= Technical fall =

Point-based victory condition in wrestling

In amateur wrestling, a technical fall, or technical superiority, is a victory condition satisfied by outscoring one's opponent by a specified number of points. It is a mercy rule. It is informally abbreviated to "tech" as both a noun and verb.

==High school and college==
In scholastic wrestling, a differential of fifteen points ends a match regardless of when it is reached. In collegiate wrestling, a pin may still be awarded as a continuation of a near fall even if the necessary point differential is reached while achieving it.

==United World Wrestling==
Under the old rules of freestyle and Greco-Roman wrestling, a ten-point differential ended the match.

Under the rules adopted in 2004–05 by United World Wrestling (then known as FILA), the international styles moved to a three-period system similar to a best of three series; the technical fall won only the period, as opposed to a pin, which ends the match entirely.
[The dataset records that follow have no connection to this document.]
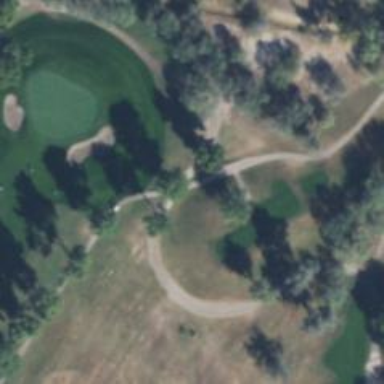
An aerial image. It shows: Path for both roads and golfers.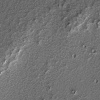
Atmospheric dust classification: not_dusty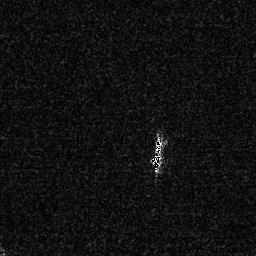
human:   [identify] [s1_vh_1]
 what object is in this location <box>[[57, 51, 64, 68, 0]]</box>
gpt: <ref>1 medium ship at the center</ref>
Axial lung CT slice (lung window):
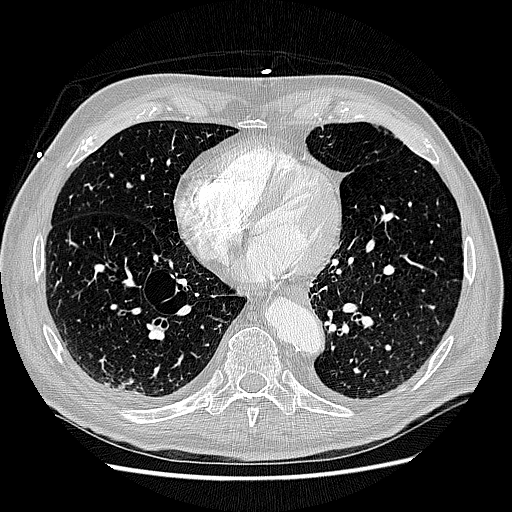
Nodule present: no
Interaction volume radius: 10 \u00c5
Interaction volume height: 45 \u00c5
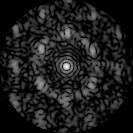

However, if a wrestler won two out of three periods in this way, he was then the winner of the match by technical superiority. The international styles moved to a two-period system in 2006, with scoring continuing to accumulate throughout the match until its end. Accordingly, a technical fall was once again awarded once a specified point differential was reached.

As of 2019, UWW rules specify that a technical fall, officially termed "technical superiority", occurs once a wrestler leads by 10 points in freestyle or 8 points in Greco-Roman.